> _WORK ORDER_
Print exactly the lines below between the line holding "109.9 269.5 113.4" and the line holding "326.1 132.8 326.1", inclusive, and nothing more.
┌──
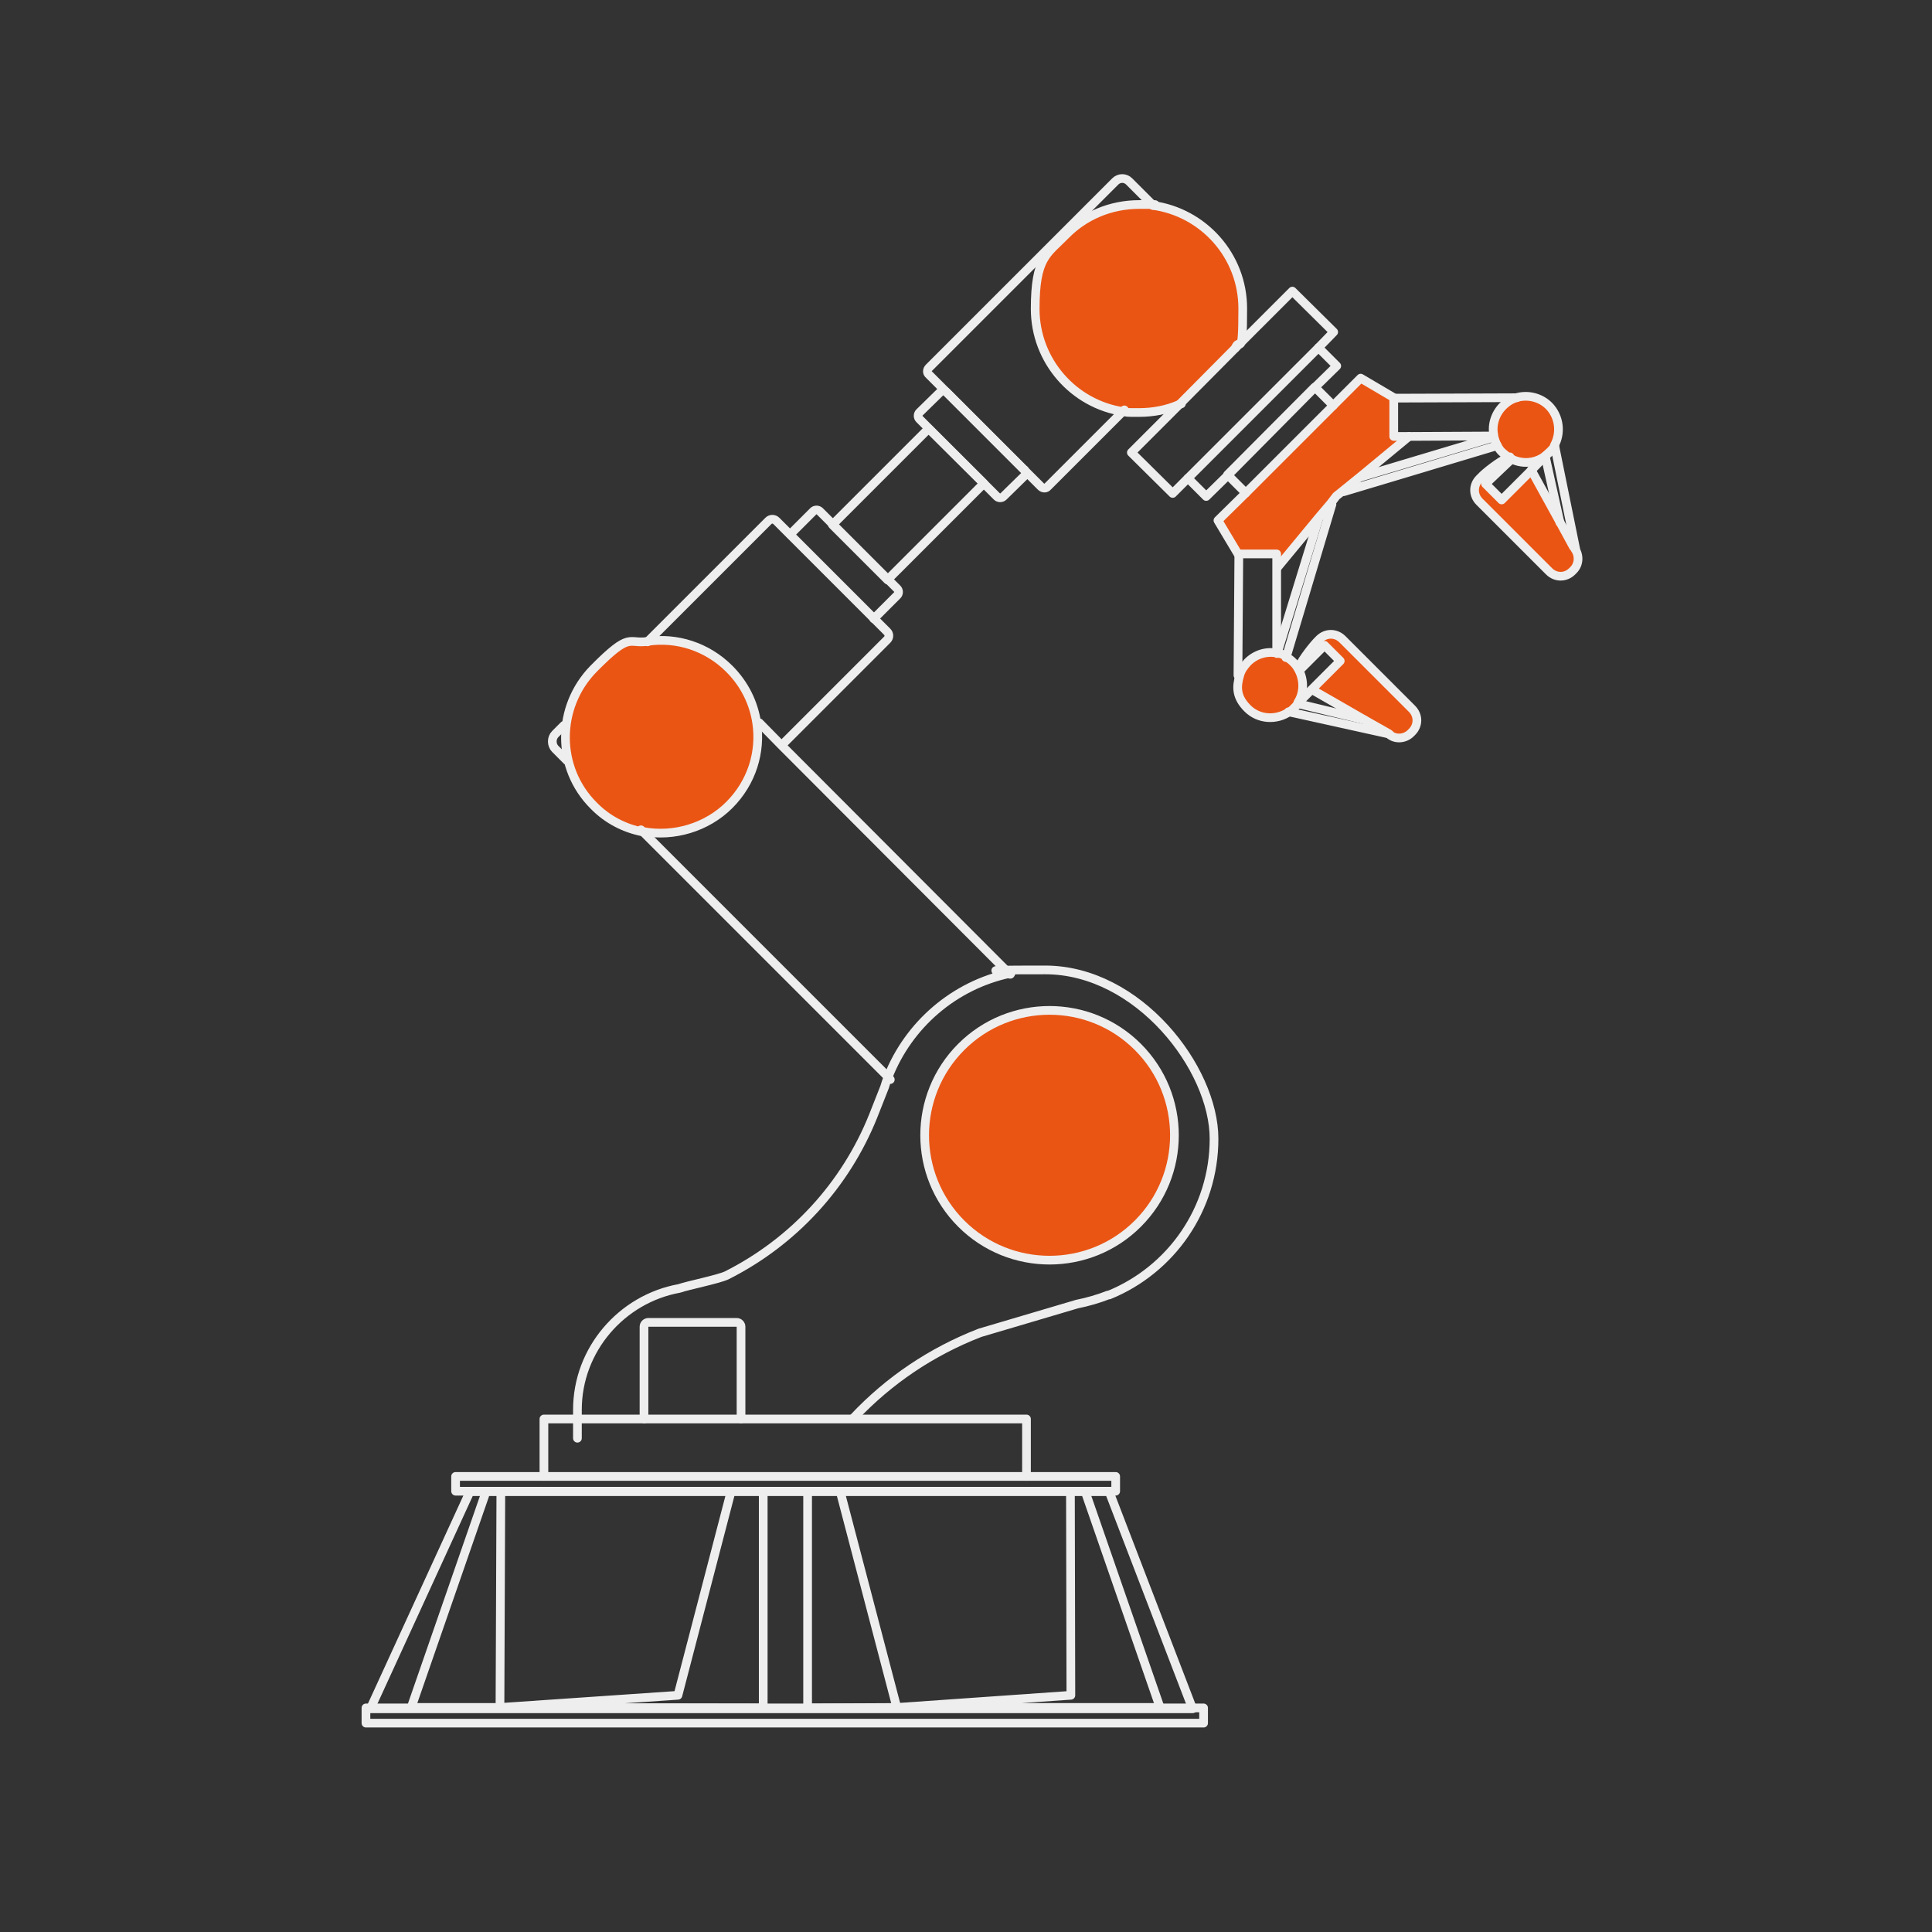 <?xml version="1.0" encoding="UTF-8"?>
<svg id="_圖層_1" xmlns="http://www.w3.org/2000/svg" version="1.1" viewBox="0 0 444 444">
  <rect x="0" y="0" width="444" height="444" fill="#333333" stroke="none"/>
  <!-- Generator: Adobe Illustrator 29.0.0, SVG Export Plug-In . SVG Version: 2.1.0 Build 186)  -->
  <defs>
    <style>
      .st0 {
        fill: #ea5514;
      }

      .st1 {
        fill: none;
        stroke: #eee;
        stroke-linecap: round;
        stroke-linejoin: round;
        stroke-width: 2px;
      }
    </style>
  </defs>
  <g>
    <path class="st0" d="M347.4,105.5c-.2,0-.4-.2-.6-.3-.5-.3-1-.7-1.5-1.2s-.9-1.1-1.2-1.6-.6-1.2-.7-1.9v-.3c-.5-2.4.2-4.9,2.1-6.7s2.1-1.6,3.4-2c2.5-.7,5.3,0,7.2,2,2.5,2.5,2.9,6.2,1.2,9.1-.3.6-.7,1.1-1.2,1.6-2.3,2.3-5.8,2.8-8.6,1.5h0Z"/>
    <path class="st0" d="M296.2,163.6c-3,2.1-7.1,1.9-9.7-.7s-2.6-4.9-1.8-7.6c.3-1.2,1-2.1,1.8-3,1.9-1.9,4.4-2.6,6.9-2.1h.2c.7.2,1.4.4,2,.8.6.3,1.1.7,1.6,1.2s.8.9,1.1,1.4c0,.2.2.2.2.4,1.2,2.3,1.2,5.2-.2,7.4,0,0,0,0,0,.2-.2.4-.6.8-1,1.2-.3.3-.6.6-.9.7h0Z"/>
    <path class="st0" d="M319.3,168.7c0,0-.2-.2-.3-.3l-5.3-3-12-6.9h0c0,0,6.5-6.5,6.5-6.5l-3.6-3.6-5.7,5.7h-.2s-.2-.2-.2-.3h0c1.2-2.5,3.7-5.5,4.6-6.4l.3-.3c1.5-1.5,3.8-1.5,5.3,0l16,16c1.5,1.5,1.5,3.8,0,5.3l-.3.3c-1.3,1.3-3.5,1.5-4.9.3h0Z"/>
    <path class="st0" d="M340.3,109.8c1-.9,4-3.5,6.5-4.7.2,0,.4.2.6.3l-5.9,5.8,3.6,3.6,6.8-6.8h0l6.6,12,3.1,5.7c.2.2.2.2.3.4,1.1,1.5,1,3.5-.3,4.9l-.3.3c-1.5,1.5-3.8,1.5-5.3,0l-16-16c-1.5-1.5-1.5-3.8,0-5.3l.3-.3h0Z"/>
    <polygon class="st0" points="320.5 91.5 320.5 91.5 320.3 91.5 320.3 100.3 323.8 100.3 323.8 100.3 312.8 109.4 308.6 112.8 307.1 114 305.8 115.7 303 119 293.5 130.5 293.4 130.5 293.4 127.3 284.7 127.3 284.7 127.3 284.5 127.3 279.9 119.6 286.3 113.3 306.4 93.2 312.7 86.9 320.5 91.5"/>
    <path class="st0" d="M261.5,240.6c11.2,11.2,11.2,29.4,0,40.6s-29.4,11.2-40.6,0c-11.2-11.2-11.2-29.4,0-40.6,11.2-11.2,29.4-11.2,40.6,0Z"/>
    <path class="st0" d="M147.8,191.2c-4.2-.8-8.2-2.8-11.4-6.1-8.6-8.6-8.6-22.6,0-31.4,8.6-8.7,7.9-5.6,12.4-6.3,6.7-1,13.7,1.2,18.8,6.3,3.5,3.5,5.6,7.8,6.3,12.4,1,6.7-1.1,13.7-6.3,18.9s-12.8,7.4-19.8,6.1h0Z"/>
    <path class="st0" d="M258.2,94.6c-11.5-1.7-20.3-11.7-20.3-23.6s2.7-12.6,7-17,10.3-7,16.9-7,2.1,0,3.1.2c11.7,1.6,20.7,11.6,20.7,23.7s-.7,6.3-1.7,9.1h0l-13.1,13.1c-2.8,1.2-5.9,1.8-9.1,1.8s-2.5,0-3.6-.2h.2Z"/>
  </g>
  <g>
    <polyline class="st1" points="174.5 166.1 179.7 171.4 232.1 223.9 232.2 223.9"/>
    <polyline class="st1" points="204.6 248.1 204.2 247.6 147.8 191.2 147.3 190.7"/>
    <path class="st1" d="M196.2,325.8c8.1-8.6,17.9-15.2,29-19.5l22.3-6.6c2.5-.5,4.9-1.2,7.2-2.1h.2c14.2-5.8,24.1-19.7,24.1-35.9s-17.4-38.8-38.8-38.8-5.5.3-8.1.8c-12.8,2.7-23.3,11.8-28,23.8-.3.7-.6,1.6-.8,2.3h0l-2.6,6.6c-6.4,16-18.4,29-33.7,36.7-1.9.9-8.9,2.3-10.9,3h0c-13.2,2.4-23.4,14-23.4,27.9s0,1.2,0,1.9v.7"/>
    <path class="st1" d="M220.9,240.6c11.2-11.2,29.4-11.2,40.6,0,11.2,11.2,11.2,29.4,0,40.6-11.2,11.2-29.4,11.2-40.6,0s-11.2-29.4,0-40.6h0Z"/>
    <path class="st1" d="M147.8,191.2c-4.2-.8-8.2-2.8-11.4-6.1-8.6-8.6-8.6-22.6,0-31.4,8.6-8.7,7.9-5.6,12.4-6.3,6.7-1,13.7,1.2,18.8,6.3,3.5,3.5,5.6,7.8,6.3,12.4,1,6.7-1.1,13.7-6.3,18.9s-12.8,7.4-19.8,6.1h0Z"/>
    <path class="st1" d="M148.8,147.5l27.8-27.8c.5-.5,1.3-.5,1.8,0l3.1,3.1,19.3,19.3,3.1,3.1c.5.5.5,1.3,0,1.8l-24.2,24.2"/>
    <path class="st1" d="M130.3,174.8l-2.7-2.7c-.9-.9-.9-2.5,0-3.4l2-2"/>
    <polygon class="st1" points="213.4 98.5 213.4 98.5 226.1 111.1 226.1 111.1 204.1 133.1 204 133.3 191.3 120.6 191.5 120.4 213.4 98.5"/>
    <path class="st1" d="M181.6,122.8l5.3-5.3c.4-.4,1.1-.4,1.5,0l3,3,12.7,12.7,2.1,2.1c.4.4.4,1.1,0,1.5l-5.4,5.4h0"/>
    <path class="st1" d="M265,47.2l-5.5-5.5c-.9-.9-2.3-.9-3.2,0l-11.8,11.8-31,31c-.5.5-.5,1.2,0,1.6l3.7,3.7,18.4,18.4,3.6,3.6c.5.5,1.2.5,1.6,0l17.4-17.4.2-.2"/>
    <path class="st1" d="M226.1,111.1l3,3c.4.4,1.1.4,1.5,0l4.8-4.7c.3-.3.3-.7.2-1.1s0-.2-.2-.3l-17.9-17.9c0,0-.2-.2-.3-.2-.3-.2-.8,0-1.1.2l-4.8,4.7c-.4.4-.4,1.1,0,1.5l2.2,2.2,12.7,12.7h0Z"/>
    <path class="st1" d="M271.5,92.8c-.2,0-.4.2-.6.2-2.8,1.2-5.9,1.8-9.1,1.8s-2.5,0-3.6-.2c-11.5-1.7-20.3-11.7-20.3-23.6s2.7-12.6,7-17,10.3-7,16.9-7,2.1,0,3.1.2c11.7,1.6,20.7,11.6,20.7,23.7s-.7,6.3-1.7,9.1"/>
    <polyline class="st1" points="273 109.9 269.5 113.4 260 104 271 93 284 79.9 297 66.9 306.5 76.3 303 79.9"/>
    <polyline class="st1" points="148.1 326.1 132.8 326.1 125 326.1 125 339.3"/>
    <polyline class="st1" points="235.9 339.3 235.9 326.1 196.2 326.1 170.3 326.1"/>
    <path class="st1" d="M170.3,326.1v-21.2c0-.5-.4-1-1-1h-20.3c-.5,0-1,.4-1,1v21.2h22.3Z"/>
    <polyline class="st1" points="306.4 93.2 312.7 86.9 320.5 91.5"/>
    <polyline class="st1" points="284.5 127.3 279.9 119.6 286.3 113.3"/>
    <polyline class="st1" points="323.8 100.3 312.8 109.4 308.6 112.8 307.1 114 305.8 115.7 303 119 293.5 130.5"/>
    <polygon class="st1" points="303 79.9 307.2 84.1 302.2 89 282.2 109.2 277.2 114.1 273 109.9 303 79.9"/>
    <polygon class="st1" points="306.4 93.2 286.3 113.3 282.2 109.2 282.1 109.1 302.1 89 302.2 89 306.4 93.2"/>
    <polyline class="st1" points="293.4 150 293.4 130.5 293.4 127.3 284.7 127.3 284.7 127.3 284.5 155.2"/>
    <path class="st1" d="M295.6,151c.6.3,1.1.7,1.6,1.2s.8.9,1.1,1.4c0,.2.2.2.2.4,1.2,2.3,1.2,5.2-.2,7.4,0,0,0,0,0,.2-.2.4-.6.8-1,1.2-.3.3-.6.6-.9.7-3,2.1-7.1,1.9-9.7-.7-2.6-2.6-2.6-4.9-1.8-7.6.3-1.2,1-2.1,1.8-3,1.9-1.9,4.4-2.6,6.9-2.1h.2c.7.2,1.4.4,2,.8h0Z"/>
    <line class="st1" x1="293.5" y1="150.2" x2="303.1" y2="119"/>
    <polyline class="st1" points="319.4 168.8 319.3 168.7 296.2 163.6 296.1 163.6"/>
    <line class="st1" x1="298.2" y1="161.7" x2="313.5" y2="165.4"/>
    <polyline class="st1" points="306.1 115.9 295.6 151 295.5 151.1"/>
    <path class="st1" d="M298.3,153.6c1.2-2.5,3.7-5.5,4.6-6.4l.3-.3c1.5-1.5,3.8-1.5,5.3,0l16,16c1.5,1.5,1.5,3.8,0,5.3l-.3.3c-1.3,1.3-3.5,1.5-4.9.3,0,0-.2-.2-.3-.3l-5.3-3-12-6.9"/>
    <polyline class="st1" points="298.7 154 304.4 148.3 308 151.9 301.5 158.4 298.3 161.6"/>
    <polyline class="st1" points="343.1 100.2 323.8 100.3 320.3 100.3 320.3 91.5 320.5 91.5 348.6 91.4"/>
    <path class="st1" d="M344.1,102.4c.3.6.7,1.2,1.2,1.6s.9.8,1.5,1.2c.2,0,.4.2.6.3,2.8,1.4,6.3.9,8.6-1.5s.9-1,1.2-1.6c1.6-2.9,1.2-6.6-1.2-9.1-2-2-4.8-2.6-7.2-2-1.2.3-2.4,1-3.4,2-1.8,1.8-2.6,4.4-2.1,6.7v.3c.2.7.4,1.3.7,1.9h0Z"/>
    <line class="st1" x1="344.1" y1="102.4" x2="308.8" y2="113"/>
    <polyline class="st1" points="358.5 120.1 355.1 104.8 355.1 104.8"/>
    <line class="st1" x1="357.3" y1="102.5" x2="362.1" y2="126.1"/>
    <line class="st1" x1="312.8" y1="109.6" x2="343.2" y2="100.5"/>
    <path class="st1" d="M347,105s-.2,0-.2,0c-2.5,1.2-5.6,3.7-6.5,4.7l-.3.3c-1.5,1.5-1.5,3.8,0,5.3l16,16c1.5,1.5,3.8,1.5,5.3,0l.3-.3c1.3-1.3,1.4-3.4.3-4.9,0-.2-.2-.3-.3-.4l-3.1-5.7-6.6-12"/>
    <polyline class="st1" points="347.4 105.5 347.4 105.5 341.4 111.2 345.1 114.9 351.9 108.1 355.1 104.8 356 104"/>
    <polyline class="st1" points="111.7 342.8 108 342.8 85.2 392.5 85.1 392.7 274.1 392.7 274 392.5 254.9 342.8 249.4 342.8"/>
    <polyline class="st1" points="246 342.8 193.1 342.8 185.6 342.8 175.4 342.8 168 342.8 115.1 342.8"/>
    <polygon class="st1" points="115.1 342.8 114.9 392.4 94.5 392.4 111.7 342.8 115.1 342.8"/>
    <polygon class="st1" points="246 342.8 246.1 389.6 206.1 392.4 266.6 392.4 249.4 342.8 246 342.8"/>
    <polyline class="st1" points="175.4 342.7 175.4 342.8 175.4 392.5 114.9 392.4 155.8 389.6 168 342.8 168 342.7"/>
    <polyline class="st1" points="185.6 342.7 185.6 342.8 185.6 392.5 206.1 392.4 193.1 342.8 193.1 342.7"/>
    <polygon class="st1" points="235.9 339.3 256.4 339.3 256.4 342.7 193.1 342.7 185.6 342.7 175.4 342.7 168 342.7 104.7 342.7 104.7 339.3 125 339.3 235.9 339.3"/>
    <polygon class="st1" points="274 392.5 276.6 392.5 276.6 396 84.1 396 84.1 392.5 85.2 392.5 175.4 392.5 185.6 392.5 274 392.5"/>
  </g>
</svg>
└──
> _RESPONSE_
    <polyline class="st1" points="273 109.9 269.5 113.4 260 104 271 93 284 79.9 297 66.9 306.5 76.3 303 79.9"/>
    <polyline class="st1" points="148.1 326.1 132.8 326.1 125 326.1 125 339.3"/>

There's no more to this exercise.